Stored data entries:
= = = = = = =

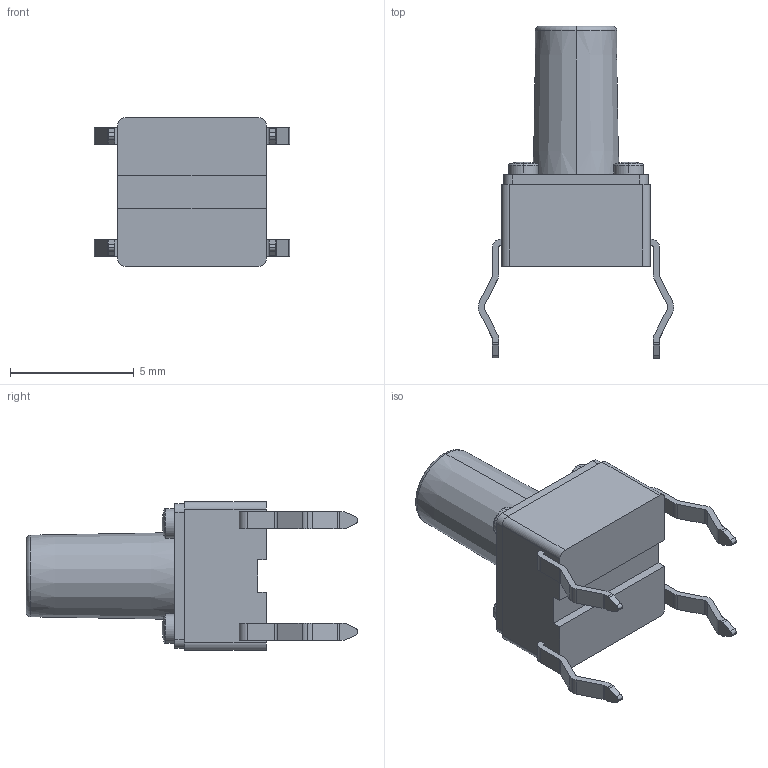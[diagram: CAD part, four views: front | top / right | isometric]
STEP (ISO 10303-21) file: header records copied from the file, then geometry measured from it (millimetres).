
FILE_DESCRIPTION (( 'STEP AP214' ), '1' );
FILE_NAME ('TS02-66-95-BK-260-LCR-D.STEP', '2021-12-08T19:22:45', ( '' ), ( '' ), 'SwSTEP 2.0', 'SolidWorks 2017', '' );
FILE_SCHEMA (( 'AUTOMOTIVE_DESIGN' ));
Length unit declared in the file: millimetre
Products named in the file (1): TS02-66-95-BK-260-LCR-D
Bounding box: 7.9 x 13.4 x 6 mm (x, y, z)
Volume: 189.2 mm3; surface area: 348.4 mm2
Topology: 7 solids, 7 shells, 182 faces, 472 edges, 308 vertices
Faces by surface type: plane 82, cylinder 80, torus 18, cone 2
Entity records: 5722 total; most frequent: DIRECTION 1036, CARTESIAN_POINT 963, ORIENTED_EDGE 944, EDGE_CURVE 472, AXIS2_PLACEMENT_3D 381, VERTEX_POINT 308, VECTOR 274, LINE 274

= = = = = = =

What the task asks:
Write out all the records again, exactly, minus any pictures.

Task solution:
[diagram: CAD part, four views: front | top / right | isometric]
STEP (ISO 10303-21) file: header records copied from the file, then geometry measured from it (millimetres).
FILE_DESCRIPTION (( 'STEP AP214' ), '1' );
FILE_NAME ('TS02-66-95-BK-260-LCR-D.STEP', '2021-12-08T19:22:45', ( '' ), ( '' ), 'SwSTEP 2.0', 'SolidWorks 2017', '' );
FILE_SCHEMA (( 'AUTOMOTIVE_DESIGN' ));
Length unit declared in the file: millimetre
Products named in the file (1): TS02-66-95-BK-260-LCR-D
Bounding box: 7.9 x 13.4 x 6 mm (x, y, z)
Volume: 189.2 mm3; surface area: 348.4 mm2
Topology: 7 solids, 7 shells, 182 faces, 472 edges, 308 vertices
Faces by surface type: plane 82, cylinder 80, torus 18, cone 2
Entity records: 5722 total; most frequent: DIRECTION 1036, CARTESIAN_POINT 963, ORIENTED_EDGE 944, EDGE_CURVE 472, AXIS2_PLACEMENT_3D 381, VERTEX_POINT 308, VECTOR 274, LINE 274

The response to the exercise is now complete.